Breathlessness and Next-Day Alertness: Morphine did not systematically reduce subjective breathlessness nor adversely affect next-day driving simulator performance, suggesting limited symptomatic or cognitive benefit under study conditions.
Adverse Events: The morphine arm experienced a higher incidence of adverse events, primarily nausea, underscoring tolerability challenges even with low-dose opioid therapy.
Expert Commentary
This study rigorously addresses an important clinical conundrum: how to balance breathlessness relief against respiratory risks with opioid use in COPD. The objective polysomnography data contribute novel insights that low-dose morphine neither improves sleep architecture nor reduces respiratory events, yet poses a clear hypoventilation risk. This respiratory depression during sleep could exacerbate chronic CO2 retention and hypoxemia, raising safety concerns that must temper enthusiasm for opioid use in this population.

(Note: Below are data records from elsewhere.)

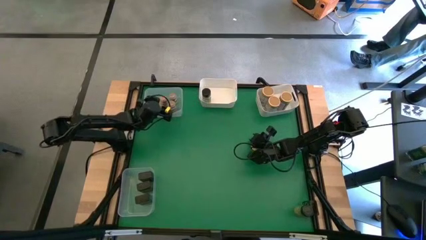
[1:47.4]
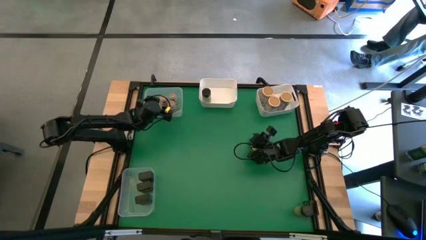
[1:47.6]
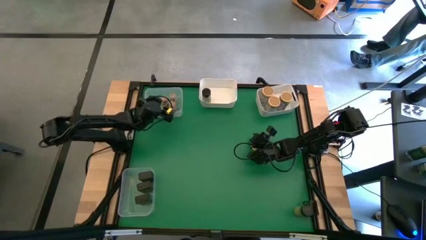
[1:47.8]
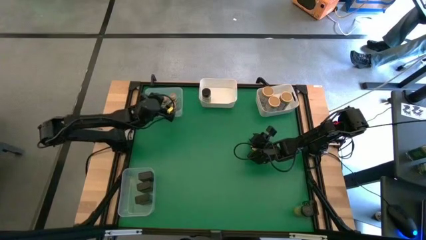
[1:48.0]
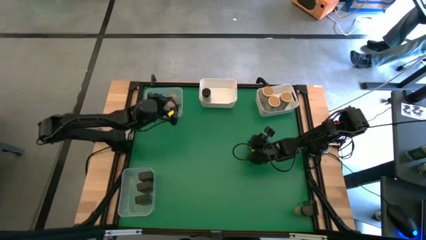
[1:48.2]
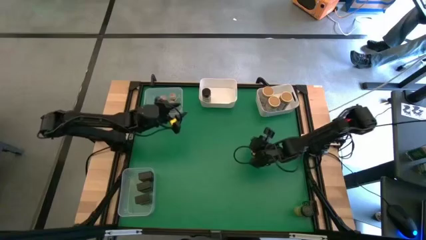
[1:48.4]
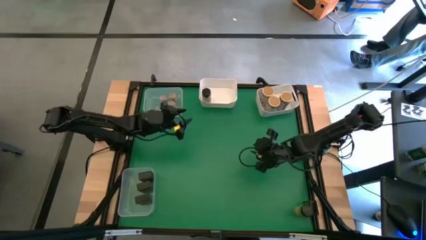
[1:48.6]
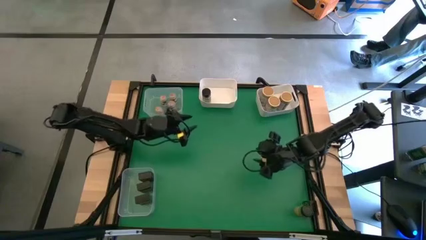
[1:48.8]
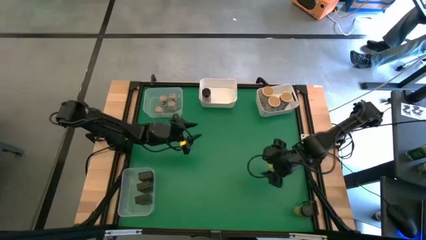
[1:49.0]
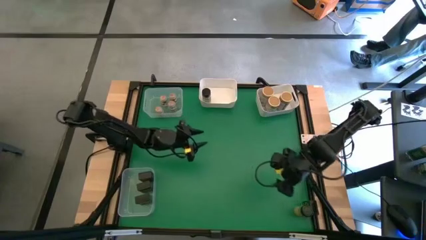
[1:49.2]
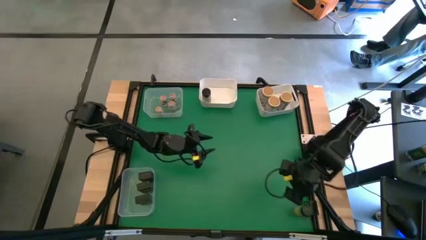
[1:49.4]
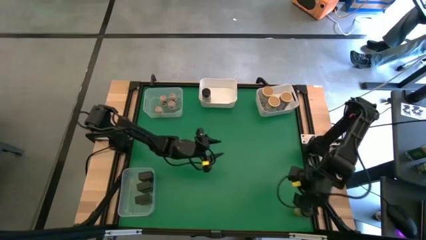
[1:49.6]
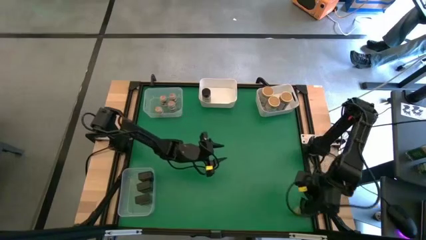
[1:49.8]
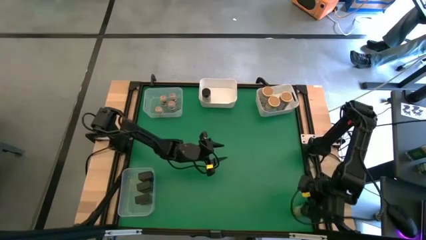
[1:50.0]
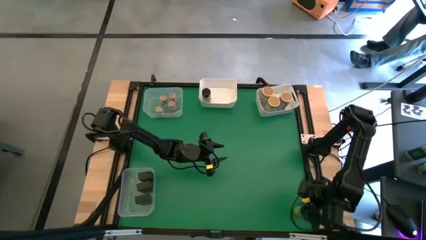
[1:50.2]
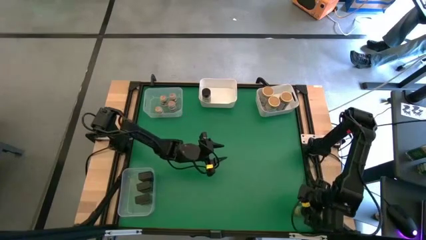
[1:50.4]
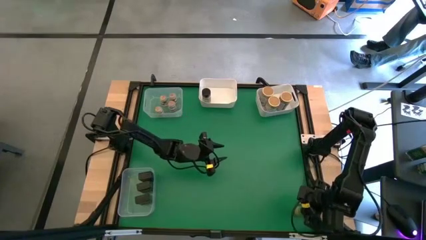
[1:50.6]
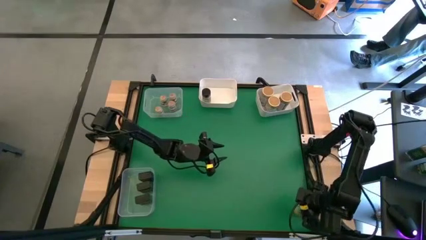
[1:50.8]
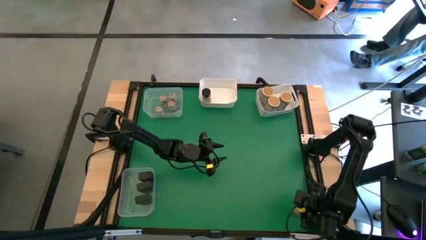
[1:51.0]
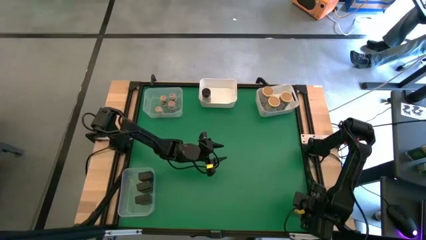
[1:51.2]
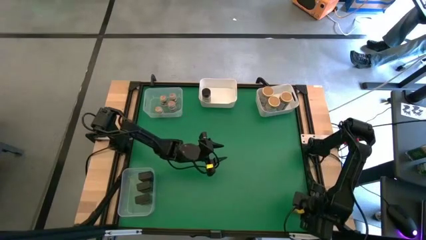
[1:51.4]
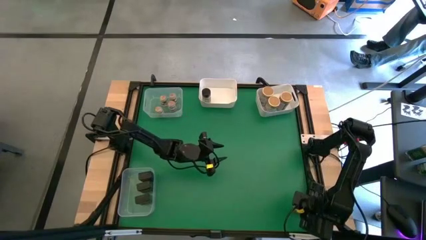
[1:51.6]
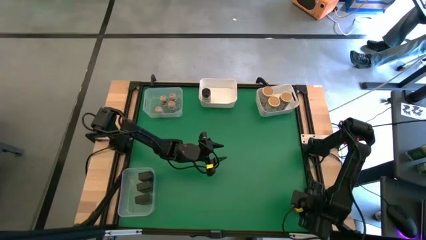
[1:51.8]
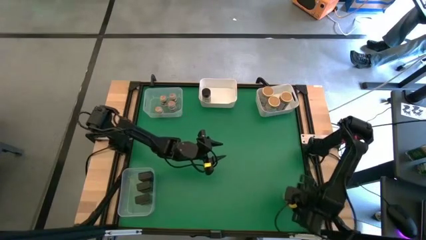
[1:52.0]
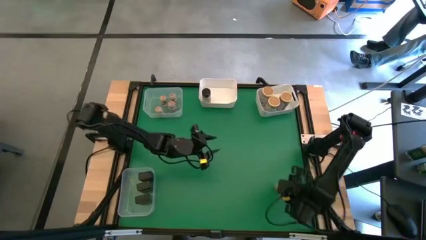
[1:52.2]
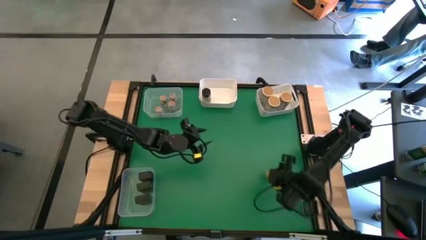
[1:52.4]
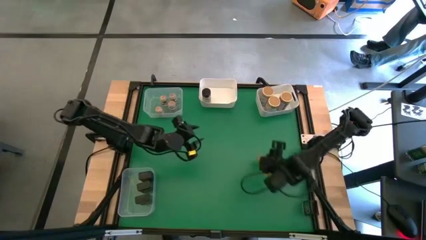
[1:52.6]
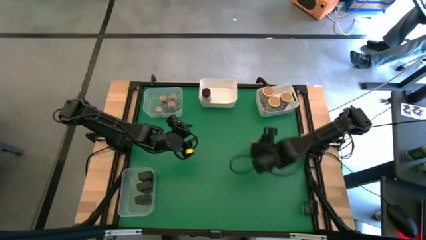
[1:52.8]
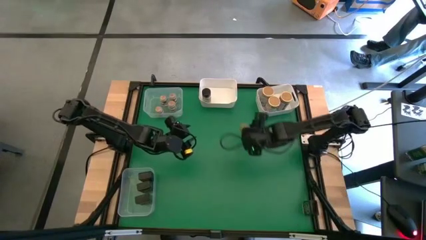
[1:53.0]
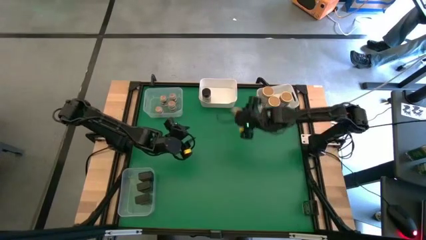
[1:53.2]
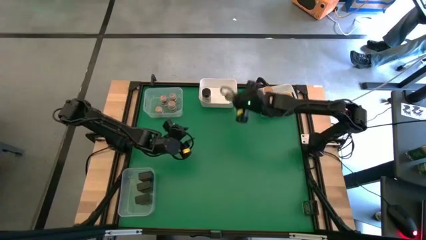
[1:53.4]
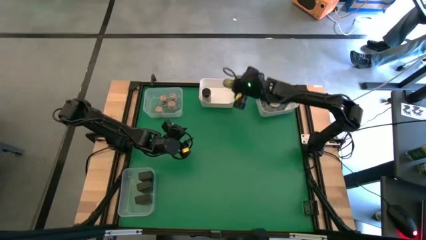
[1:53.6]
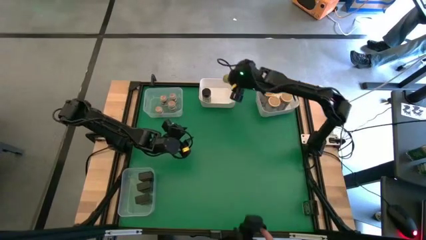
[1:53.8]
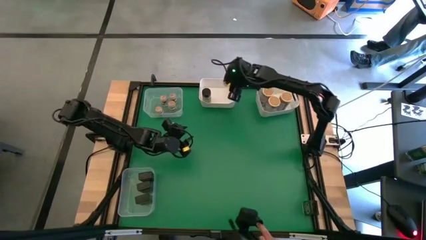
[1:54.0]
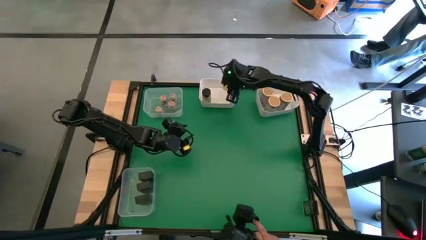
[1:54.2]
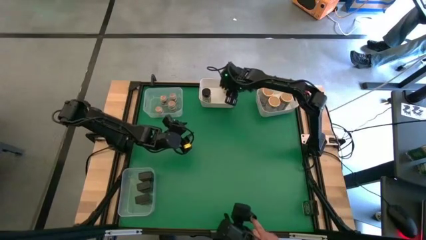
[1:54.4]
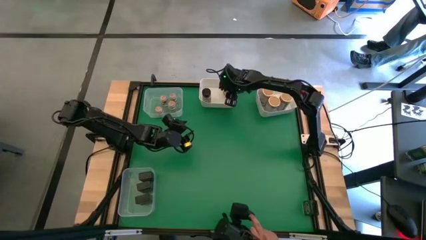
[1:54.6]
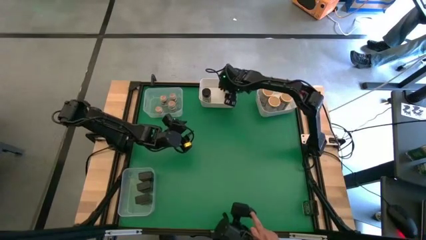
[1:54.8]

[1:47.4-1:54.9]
Task: Sort spices by type
Put the black seasoning bottle into the left white bin

The lack of improvement in subjective breathlessness contrasts with some previous uncontrolled reports, suggesting that morphine’s symptomatic benefit may be less robust or heterogeneous. Notably, next-day alertness and psychomotor function were preserved, which partially alleviates concerns regarding residual sedation at the studied dose.
Limitations include the small sample size and short treatment duration, which restrict conclusions on long-term safety and efficacy. The crossover design is a methodological strength, minimizing inter-individual variability. Future studies should explore patient subgroups, dose-response relationships, and integration of multimodal breathlessness management strategies.

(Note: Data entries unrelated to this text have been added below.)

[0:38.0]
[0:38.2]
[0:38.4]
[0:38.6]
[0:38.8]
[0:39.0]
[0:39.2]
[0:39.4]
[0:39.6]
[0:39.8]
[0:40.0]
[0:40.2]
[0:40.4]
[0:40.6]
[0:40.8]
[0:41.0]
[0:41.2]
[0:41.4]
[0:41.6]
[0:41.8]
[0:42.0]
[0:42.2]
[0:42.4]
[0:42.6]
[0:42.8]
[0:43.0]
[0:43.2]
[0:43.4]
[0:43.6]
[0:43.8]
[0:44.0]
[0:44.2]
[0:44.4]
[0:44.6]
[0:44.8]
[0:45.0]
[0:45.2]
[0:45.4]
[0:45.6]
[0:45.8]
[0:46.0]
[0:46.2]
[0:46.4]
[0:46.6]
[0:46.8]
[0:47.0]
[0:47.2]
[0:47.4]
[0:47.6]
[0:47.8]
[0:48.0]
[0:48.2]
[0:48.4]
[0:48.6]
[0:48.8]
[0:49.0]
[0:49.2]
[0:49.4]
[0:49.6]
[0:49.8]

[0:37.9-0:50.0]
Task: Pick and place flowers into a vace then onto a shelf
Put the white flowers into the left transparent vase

Clinicians must carefully weigh these findings against clinical need, considering alternative therapies and vigilant monitoring when prescribing opioids in COPD.
Conclusion
In summary, this randomized crossover trial demonstrates that sustained-release low-dose morphine does not alter sleep efficiency or sleep-disordered breathing frequency in patients with COPD but significantly increases nocturnal hypoventilation and reduces oxygen saturation. There was no observed symptomatic breathlessness improvement or impairment in daytime alertness, while adverse effects such as nausea were more frequent. These results call for cautious prescription of opioids for chronic breathlessness in COPD, emphasizing the need to balance potential symptomatic relief against respiratory safety risks during sleep. Further larger trials and mechanistic studies are warranted to optimize management strategies for this challenging symptom.
References
Altree TJ, Pinczel AJ, Toson B, Loffler KA, Hudson AL, Zeng J, Proctor S, Naik G, Mukherjee S, Catcheside P, Somogyi A, Currow DC, Eckert DJ. The Effects of Low-Dose Morphine on Sleep and Breathlessness in COPD: A Randomized Trial. Chest. 2025 Jun;167(6):1578-1590. doi:10.1016/j.chest.2024.11.040. Epub 2024 Dec 13. PMID: 39675518.

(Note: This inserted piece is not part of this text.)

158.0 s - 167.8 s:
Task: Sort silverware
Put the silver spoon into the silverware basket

Additional relevant literature:
Currow DC, McDonald C, Oaten S, et al. Once-daily opioids for chronic breathlessness: a dose increment and pharmacovigilance study. Eur Respir J. 2013;42(6):1574-1583.
Ekström M, Bajwah S, Bland JM, et al. Safety of benzodiazepines and opioids in very severe respiratory disease: national prospective study. BMJ. 2014;348:g445.
American Academy of Sleep Medicine. International Classification of Sleep Disorders, 3rd ed. Darien, IL: AASM; 2014.